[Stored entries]
--- START ---
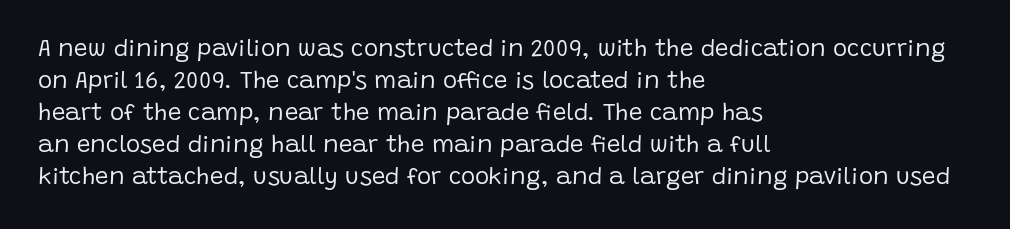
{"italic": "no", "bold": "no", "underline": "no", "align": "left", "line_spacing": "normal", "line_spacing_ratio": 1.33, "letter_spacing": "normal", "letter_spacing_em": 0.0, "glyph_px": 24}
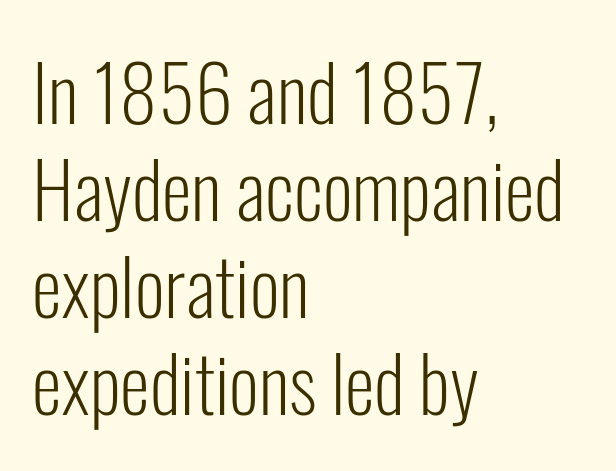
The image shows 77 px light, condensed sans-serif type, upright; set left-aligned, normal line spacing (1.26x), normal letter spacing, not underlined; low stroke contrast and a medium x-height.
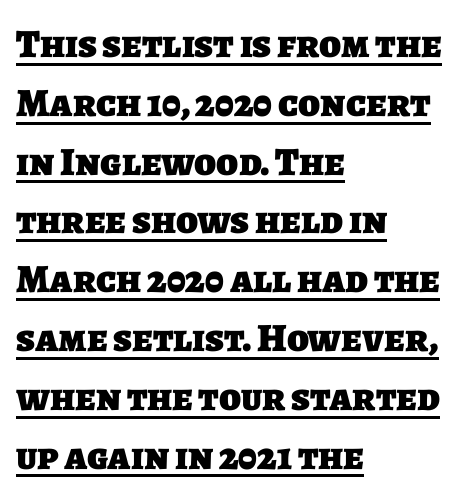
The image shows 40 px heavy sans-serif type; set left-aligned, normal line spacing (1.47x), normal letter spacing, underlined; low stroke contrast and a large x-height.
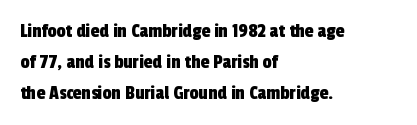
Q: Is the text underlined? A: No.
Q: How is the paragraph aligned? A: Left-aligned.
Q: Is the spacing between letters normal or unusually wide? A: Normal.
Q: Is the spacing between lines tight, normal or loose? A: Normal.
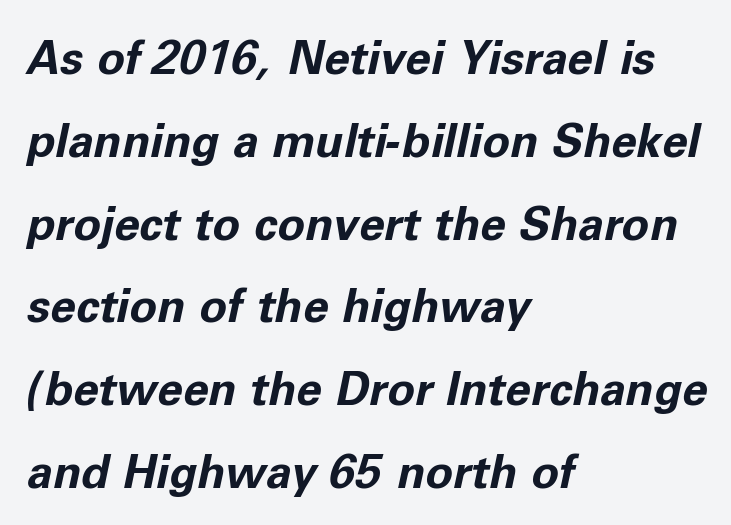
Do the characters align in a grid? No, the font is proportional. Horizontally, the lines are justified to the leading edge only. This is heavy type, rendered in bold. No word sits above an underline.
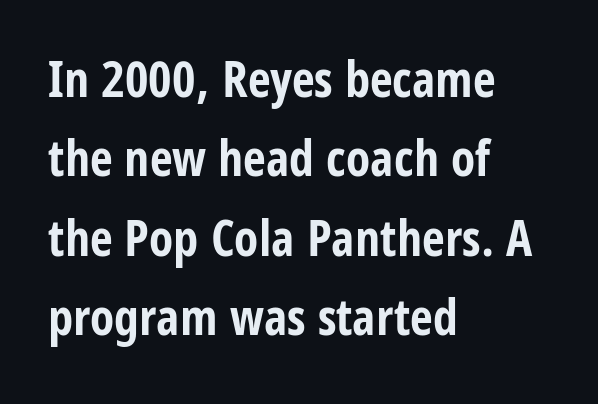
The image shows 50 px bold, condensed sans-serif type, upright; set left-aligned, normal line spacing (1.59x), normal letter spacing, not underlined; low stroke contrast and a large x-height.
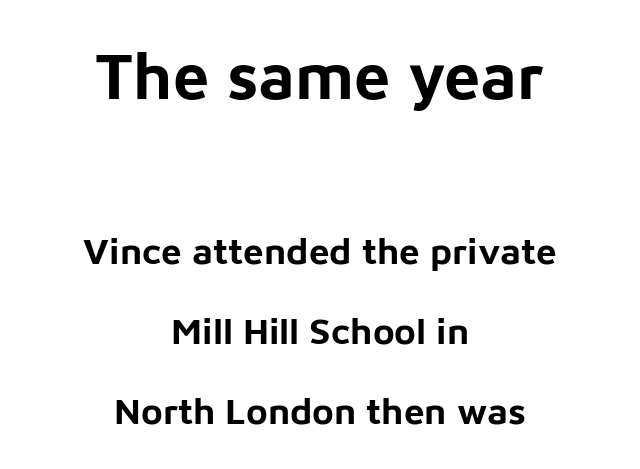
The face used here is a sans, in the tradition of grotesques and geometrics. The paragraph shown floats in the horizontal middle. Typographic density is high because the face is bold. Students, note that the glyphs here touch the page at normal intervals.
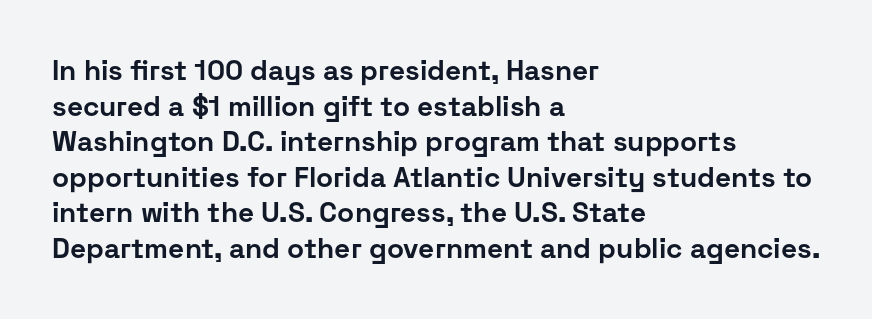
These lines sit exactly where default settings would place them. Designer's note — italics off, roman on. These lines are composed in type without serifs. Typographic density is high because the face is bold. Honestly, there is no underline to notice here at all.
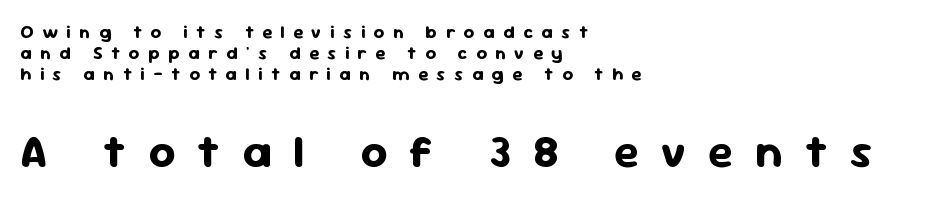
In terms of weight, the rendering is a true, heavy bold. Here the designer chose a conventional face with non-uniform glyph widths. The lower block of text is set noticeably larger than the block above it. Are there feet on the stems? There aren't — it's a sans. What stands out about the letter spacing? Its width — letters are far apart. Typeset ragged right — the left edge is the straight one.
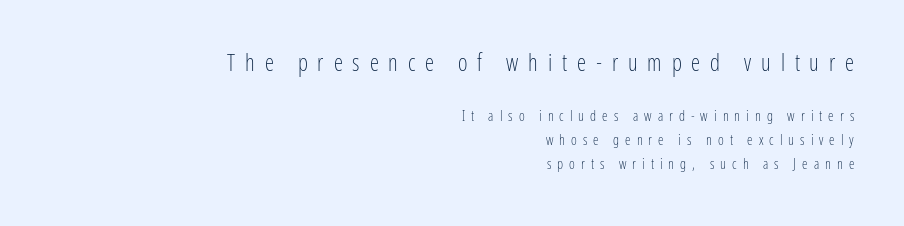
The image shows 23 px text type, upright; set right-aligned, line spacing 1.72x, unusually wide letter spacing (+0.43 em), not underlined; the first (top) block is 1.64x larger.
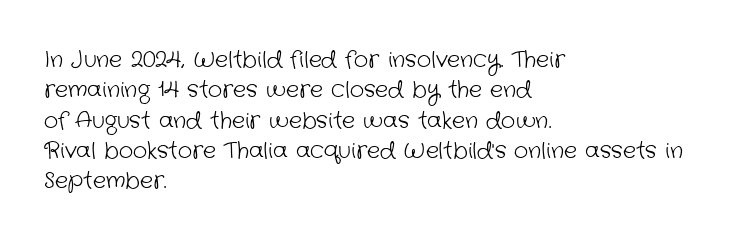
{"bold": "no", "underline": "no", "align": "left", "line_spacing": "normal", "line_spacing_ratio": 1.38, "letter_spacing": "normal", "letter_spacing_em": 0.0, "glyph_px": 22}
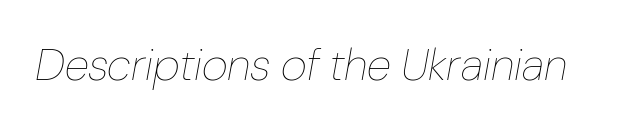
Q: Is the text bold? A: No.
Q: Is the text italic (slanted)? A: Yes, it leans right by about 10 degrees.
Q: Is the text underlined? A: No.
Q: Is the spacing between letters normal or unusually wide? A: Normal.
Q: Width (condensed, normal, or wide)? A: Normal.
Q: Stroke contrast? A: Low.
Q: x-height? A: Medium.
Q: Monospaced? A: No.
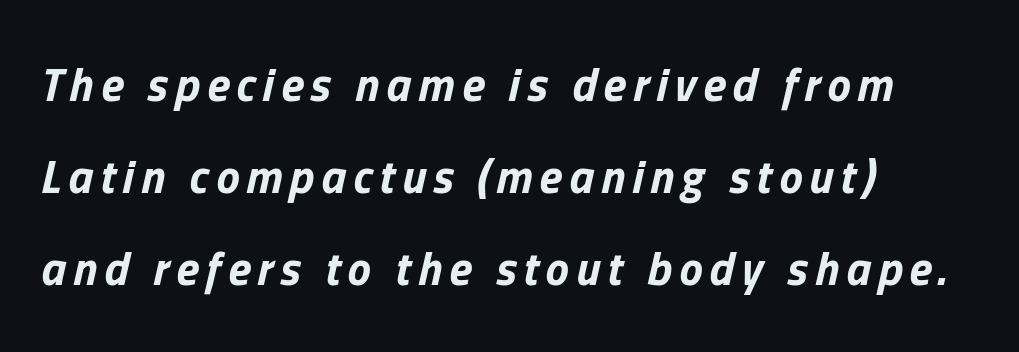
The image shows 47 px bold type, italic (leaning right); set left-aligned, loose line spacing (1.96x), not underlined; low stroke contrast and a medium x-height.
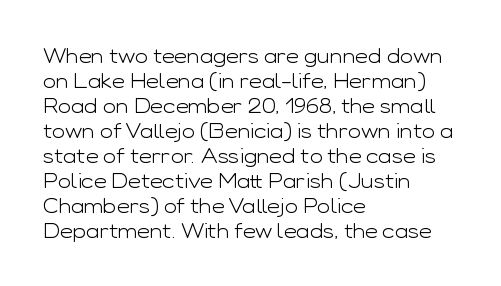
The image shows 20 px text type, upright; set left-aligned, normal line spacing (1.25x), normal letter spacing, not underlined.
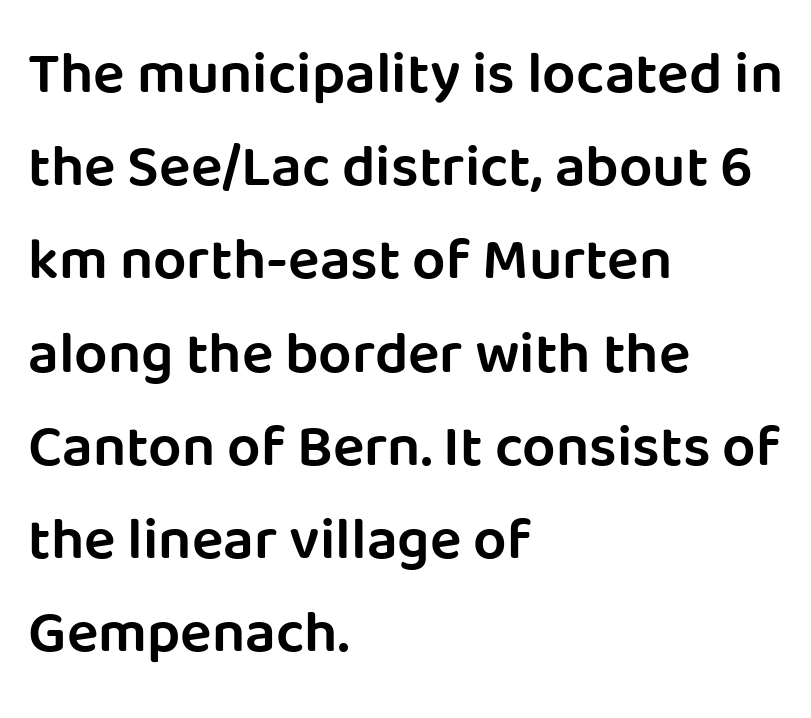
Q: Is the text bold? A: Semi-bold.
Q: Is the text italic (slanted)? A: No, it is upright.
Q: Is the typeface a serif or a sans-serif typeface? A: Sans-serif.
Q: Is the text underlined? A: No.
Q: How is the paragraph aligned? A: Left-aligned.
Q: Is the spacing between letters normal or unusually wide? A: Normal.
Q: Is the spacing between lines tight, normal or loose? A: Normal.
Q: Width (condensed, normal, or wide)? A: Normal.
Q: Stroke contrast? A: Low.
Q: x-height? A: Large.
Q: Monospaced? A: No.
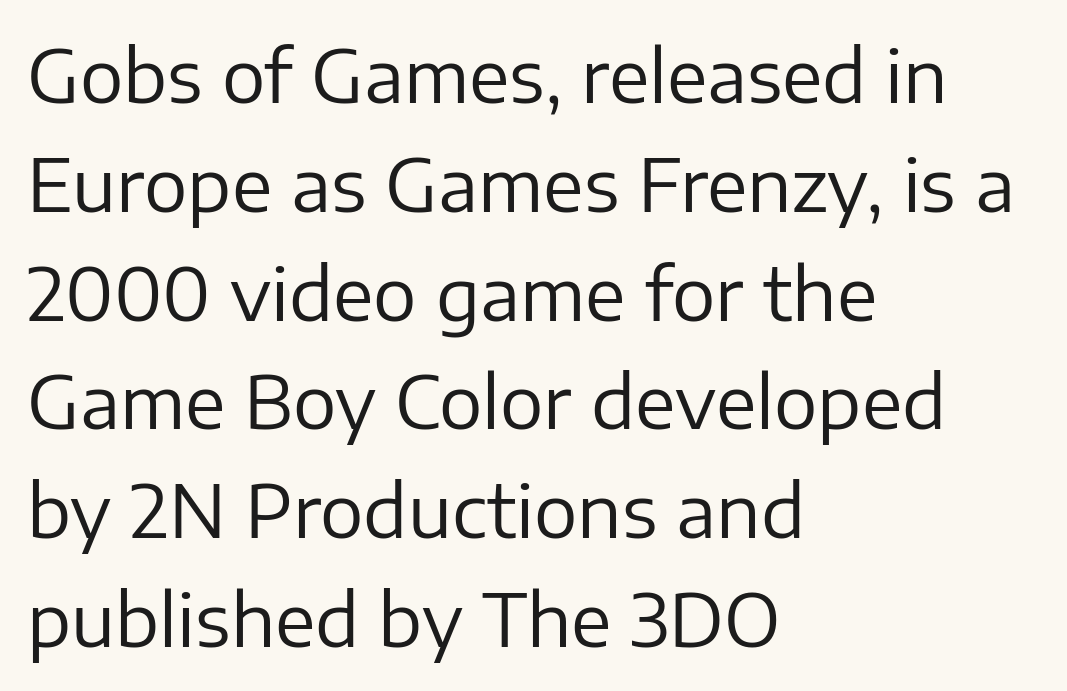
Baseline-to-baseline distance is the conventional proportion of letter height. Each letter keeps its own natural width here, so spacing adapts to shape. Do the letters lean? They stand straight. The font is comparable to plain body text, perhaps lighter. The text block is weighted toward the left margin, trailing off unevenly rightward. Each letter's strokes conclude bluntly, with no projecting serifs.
--- END ---
Exercise goal: Pictures excluded, quote all the data above exactly.

Problem solution:
{"italic": "no", "bold": "no", "underline": "no", "align": "left", "line_spacing": "normal", "line_spacing_ratio": 1.33, "letter_spacing": "normal", "letter_spacing_em": 0.0, "glyph_px": 24}
The image shows 77 px light, condensed sans-serif type, upright; set left-aligned, normal line spacing (1.26x), normal letter spacing, not underlined; low stroke contrast and a medium x-height.
The image shows 40 px heavy sans-serif type; set left-aligned, normal line spacing (1.47x), normal letter spacing, underlined; low stroke contrast and a large x-height.
Q: Is the text underlined? A: No.
Q: How is the paragraph aligned? A: Left-aligned.
Q: Is the spacing between letters normal or unusually wide? A: Normal.
Q: Is the spacing between lines tight, normal or loose? A: Normal.
Do the characters align in a grid? No, the font is proportional. Horizontally, the lines are justified to the leading edge only. This is heavy type, rendered in bold. No word sits above an underline.
The image shows 50 px bold, condensed sans-serif type, upright; set left-aligned, normal line spacing (1.59x), normal letter spacing, not underlined; low stroke contrast and a large x-height.
The face used here is a sans, in the tradition of grotesques and geometrics. The paragraph shown floats in the horizontal middle. Typographic density is high because the face is bold. Students, note that the glyphs here touch the page at normal intervals.
These lines sit exactly where default settings would place them. Designer's note — italics off, roman on. These lines are composed in type without serifs. Typographic density is high because the face is bold. Honestly, there is no underline to notice here at all.
In terms of weight, the rendering is a true, heavy bold. Here the designer chose a conventional face with non-uniform glyph widths. The lower block of text is set noticeably larger than the block above it. Are there feet on the stems? There aren't — it's a sans. What stands out about the letter spacing? Its width — letters are far apart. Typeset ragged right — the left edge is the straight one.
The image shows 23 px text type, upright; set right-aligned, line spacing 1.72x, unusually wide letter spacing (+0.43 em), not underlined; the first (top) block is 1.64x larger.
{"bold": "no", "underline": "no", "align": "left", "line_spacing": "normal", "line_spacing_ratio": 1.38, "letter_spacing": "normal", "letter_spacing_em": 0.0, "glyph_px": 22}
Q: Is the text bold? A: No.
Q: Is the text italic (slanted)? A: Yes, it leans right by about 10 degrees.
Q: Is the text underlined? A: No.
Q: Is the spacing between letters normal or unusually wide? A: Normal.
Q: Width (condensed, normal, or wide)? A: Normal.
Q: Stroke contrast? A: Low.
Q: x-height? A: Medium.
Q: Monospaced? A: No.
The image shows 47 px bold type, italic (leaning right); set left-aligned, loose line spacing (1.96x), not underlined; low stroke contrast and a medium x-height.
The image shows 20 px text type, upright; set left-aligned, normal line spacing (1.25x), normal letter spacing, not underlined.
Q: Is the text bold? A: Semi-bold.
Q: Is the text italic (slanted)? A: No, it is upright.
Q: Is the typeface a serif or a sans-serif typeface? A: Sans-serif.
Q: Is the text underlined? A: No.
Q: How is the paragraph aligned? A: Left-aligned.
Q: Is the spacing between letters normal or unusually wide? A: Normal.
Q: Is the spacing between lines tight, normal or loose? A: Normal.
Q: Width (condensed, normal, or wide)? A: Normal.
Q: Stroke contrast? A: Low.
Q: x-height? A: Large.
Q: Monospaced? A: No.
Baseline-to-baseline distance is the conventional proportion of letter height. Each letter keeps its own natural width here, so spacing adapts to shape. Do the letters lean? They stand straight. The font is comparable to plain body text, perhaps lighter. The text block is weighted toward the left margin, trailing off unevenly rightward. Each letter's strokes conclude bluntly, with no projecting serifs.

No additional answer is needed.